The Maryland Cancer Registry was established to count the number of cancer cases diagnosed in Maryland residents. In Maryland if a person is diagnosed with a reportable cancer, state law requires hospitals, labs, and physicians to report cases to the Maryland Cancer Registry. It is through this reporting that Maryland can monitor the occurrence of new cancers among its residents and the trends with time. Assessment of behavioral risk factors and various health services correlated with increased or decreased risk of cancer enables Maryland to evaluate cancer prevention. Maryland’s colorectal cancer rates have declined as screening has increased; lung cancer has declined as smoking rates have decreased. Assessment of stage at diagnosis in addition to the age-adjusted rates may enable Maryland to evaluate the effectiveness of prevention and screening programs: Maryland has seen an increase in early stage colorectal cancer and a decrease in regional cancer diagnoses at a time when screening increased.

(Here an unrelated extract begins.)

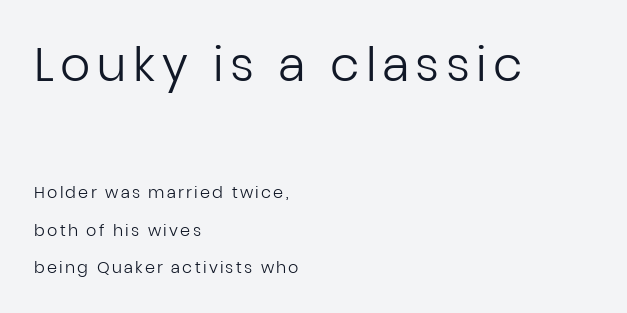
The rendering shrinks the type as you move from the upper chunk to the lower. The designer dialed line spacing up above the default. Vertical stems look standard width or narrower in stroke. Nothing sits at the stroke ends, so this counts as sans-serif. Character widths vary here, with narrow letters taking less room than wide ones. Does the copy run flush right? No — it runs flush left.

Another indicator of progress is the elimination of racial disparities in cancer incidence. Cancer incidence among African Americans was higher than whites in the Maryland. This disparities gap is closing in Maryland and rates have been about equal for the past three years (2004-2006). As to the gender gap, during the period 2002 to 2006, females have a higher rate of cancer incidence from ages 35—55; after age 55, men have the higher age-specific cancer incidence rates. However, because women live longer than men, the absolute number of cancer cases in women is higher than in men although their rate is lower.
Possible Directions
The Maryland Cancer Registry will continue to monitor cancer incidence over time for all cancer sites, population subgroups, including geographic areas of the state, and will examine changes in cancer stage at the time of diagnosis. In the future Maryland’s progress to reduce cancer deaths may depend on primary prevention, lowered incidence, and effective treatment.
Future Research Opportunities
Future Evaluation Opportunities:
The Maryland Cancer Registry will continue to monitor Maryland’s standing among other states. Its cancer prevention programs will seek to continue monitor their effectiveness by looking at rates and racial disparities in cancer incidence and mortality.